ASSIGNMENT:
Type out all the records word for word. Any pictures are to be left out.

Collected data:
◇ ◇ ◇ ◇ ◇

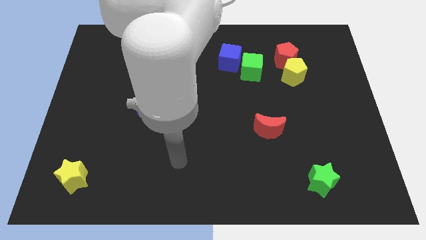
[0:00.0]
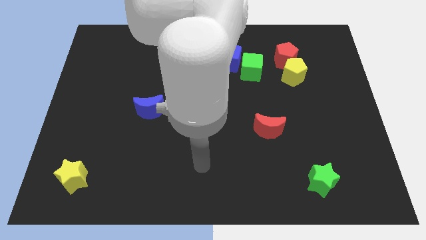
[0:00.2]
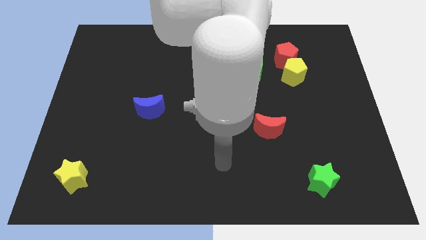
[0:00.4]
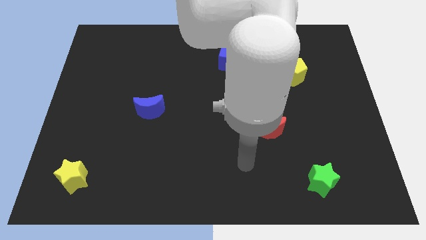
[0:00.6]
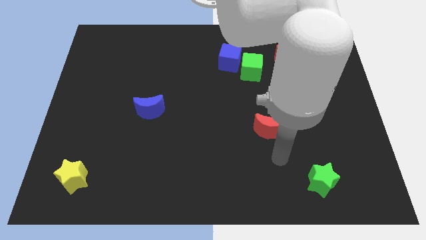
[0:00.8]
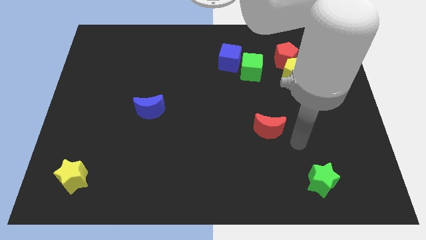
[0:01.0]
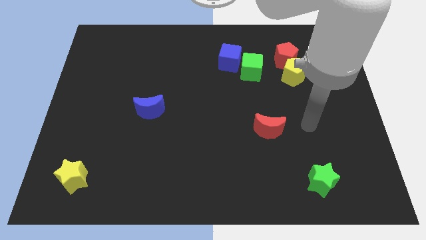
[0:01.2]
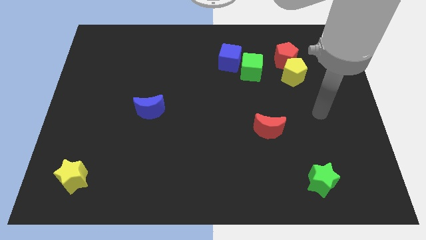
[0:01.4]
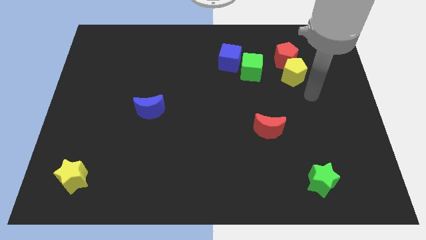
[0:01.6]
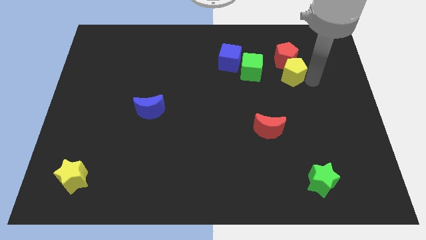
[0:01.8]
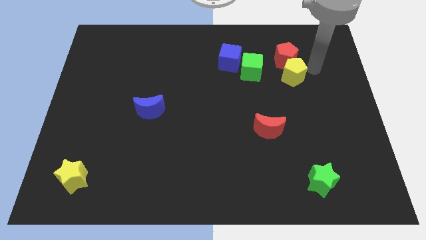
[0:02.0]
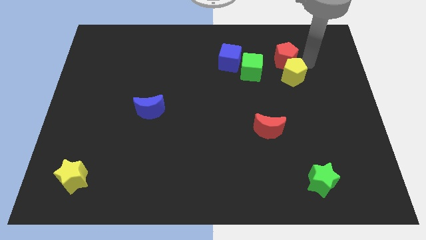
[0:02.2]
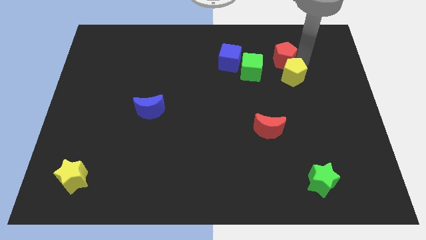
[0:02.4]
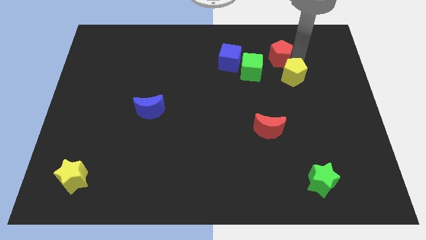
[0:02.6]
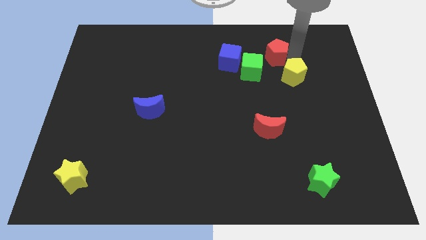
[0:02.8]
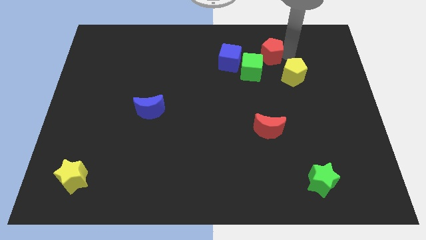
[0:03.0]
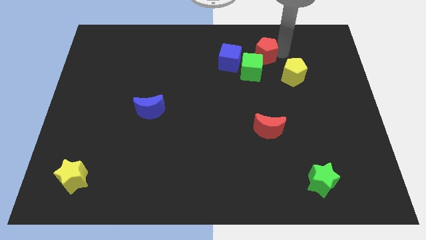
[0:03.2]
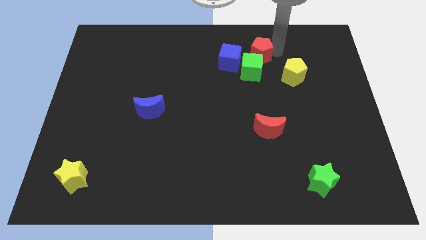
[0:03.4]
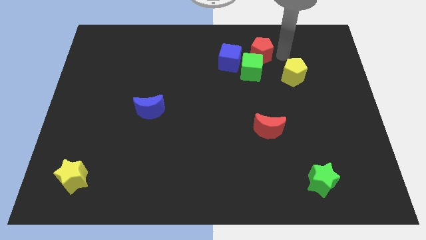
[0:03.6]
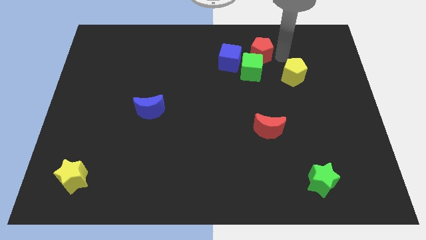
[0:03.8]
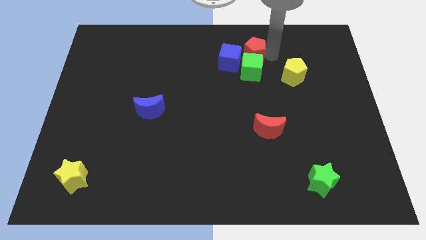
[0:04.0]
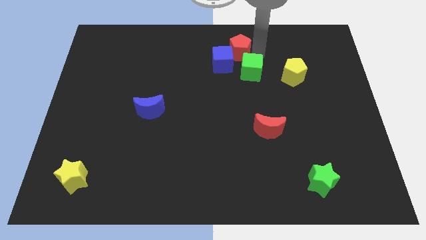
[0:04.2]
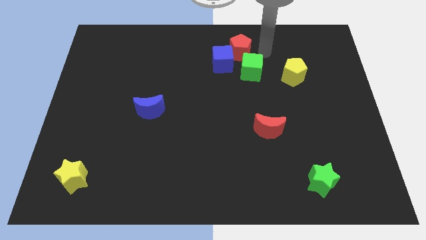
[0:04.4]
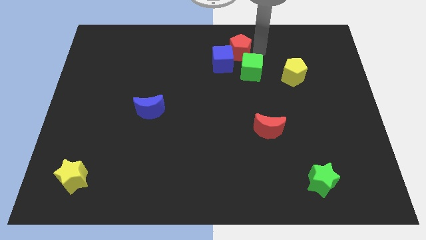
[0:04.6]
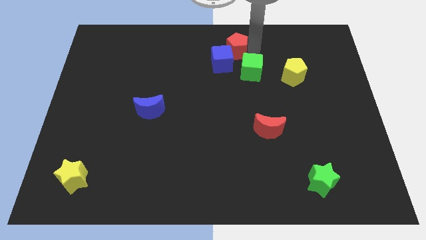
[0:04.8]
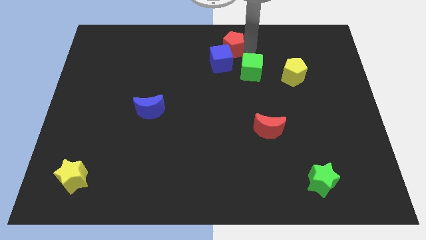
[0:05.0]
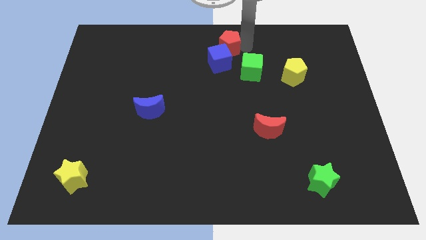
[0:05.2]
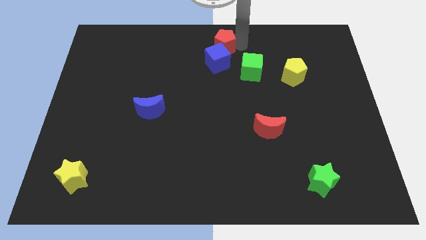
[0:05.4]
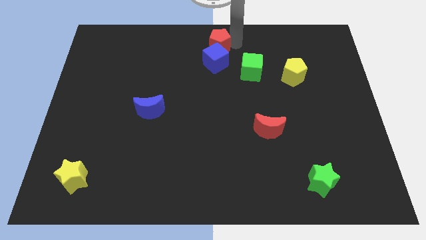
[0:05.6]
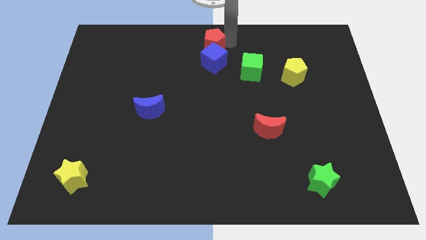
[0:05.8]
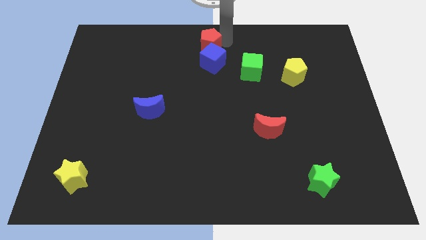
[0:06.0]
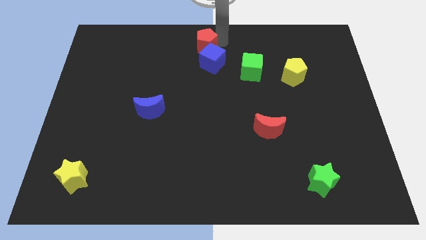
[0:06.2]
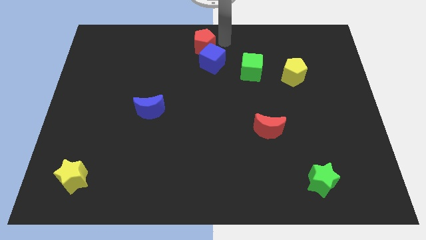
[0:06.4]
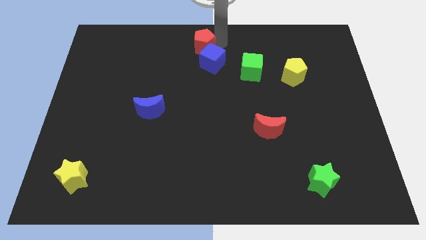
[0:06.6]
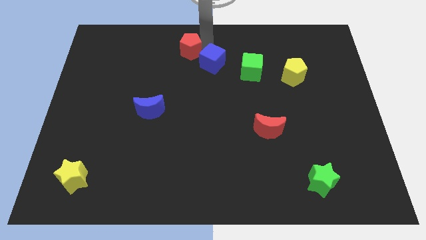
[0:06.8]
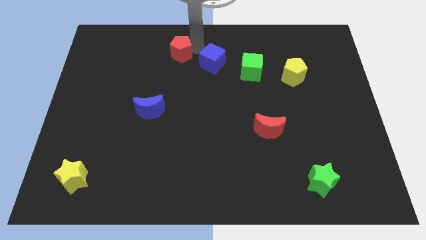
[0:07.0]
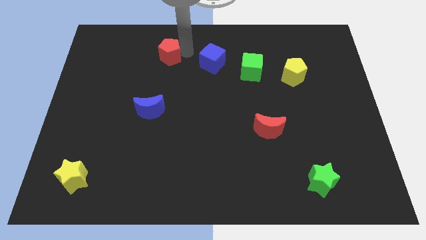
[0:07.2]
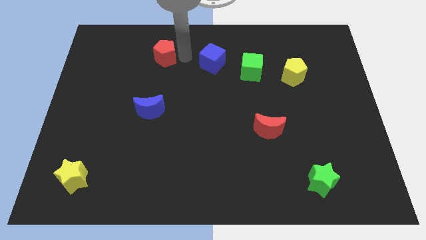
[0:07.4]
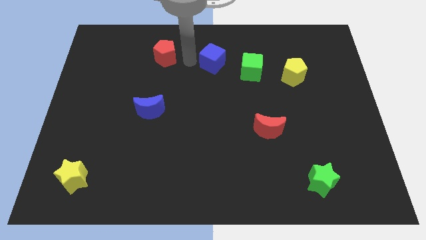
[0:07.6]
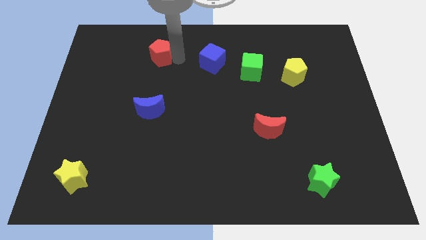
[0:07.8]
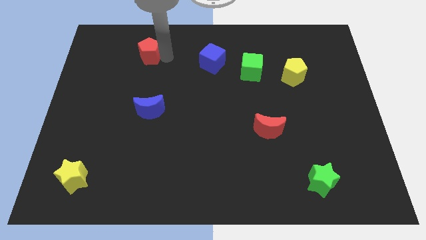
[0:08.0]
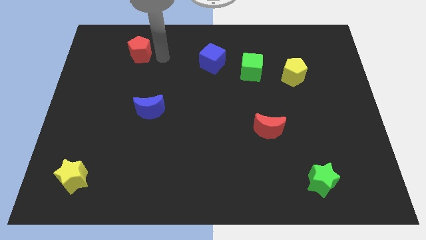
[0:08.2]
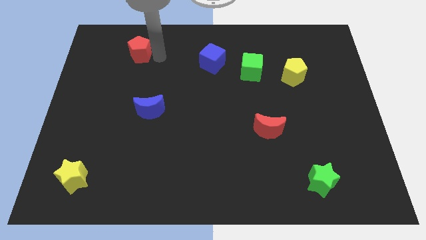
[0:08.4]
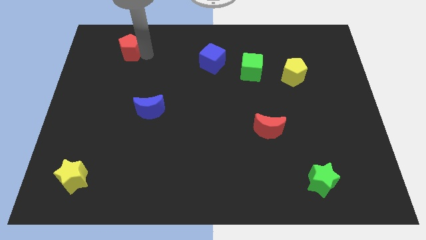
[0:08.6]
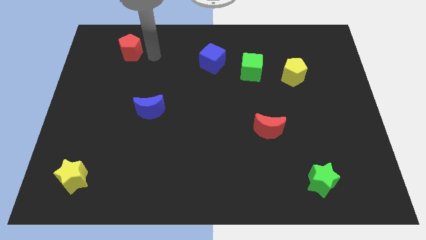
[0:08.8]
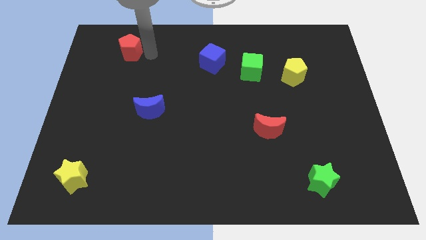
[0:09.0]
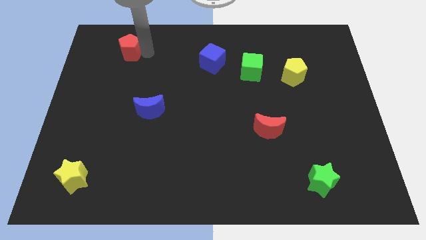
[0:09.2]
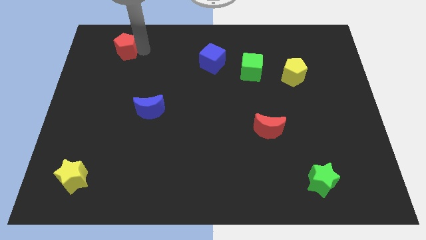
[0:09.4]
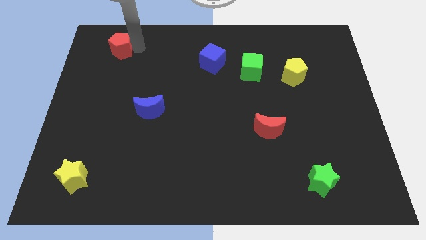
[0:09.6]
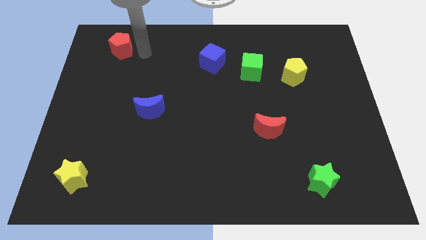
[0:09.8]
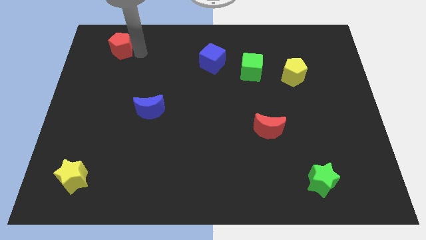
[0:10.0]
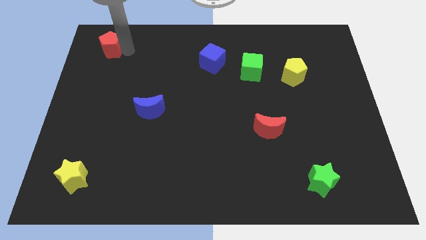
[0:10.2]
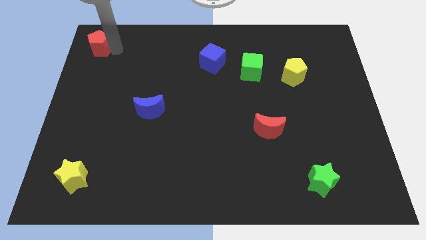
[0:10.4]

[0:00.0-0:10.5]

◇ ◇ ◇ ◇ ◇

PROBLEM SOLUTION:
[0:00.0]
[0:00.2]
[0:00.4]
[0:00.6]
[0:00.8]
[0:01.0]
[0:01.2]
[0:01.4]
[0:01.6]
[0:01.8]
[0:02.0]
[0:02.2]
[0:02.4]
[0:02.6]
[0:02.8]
[0:03.0]
[0:03.2]
[0:03.4]
[0:03.6]
[0:03.8]
[0:04.0]
[0:04.2]
[0:04.4]
[0:04.6]
[0:04.8]
[0:05.0]
[0:05.2]
[0:05.4]
[0:05.6]
[0:05.8]
[0:06.0]
[0:06.2]
[0:06.4]
[0:06.6]
[0:06.8]
[0:07.0]
[0:07.2]
[0:07.4]
[0:07.6]
[0:07.8]
[0:08.0]
[0:08.2]
[0:08.4]
[0:08.6]
[0:08.8]
[0:09.0]
[0:09.2]
[0:09.4]
[0:09.6]
[0:09.8]
[0:10.0]
[0:10.2]
[0:10.4]

[0:00.0-0:10.5]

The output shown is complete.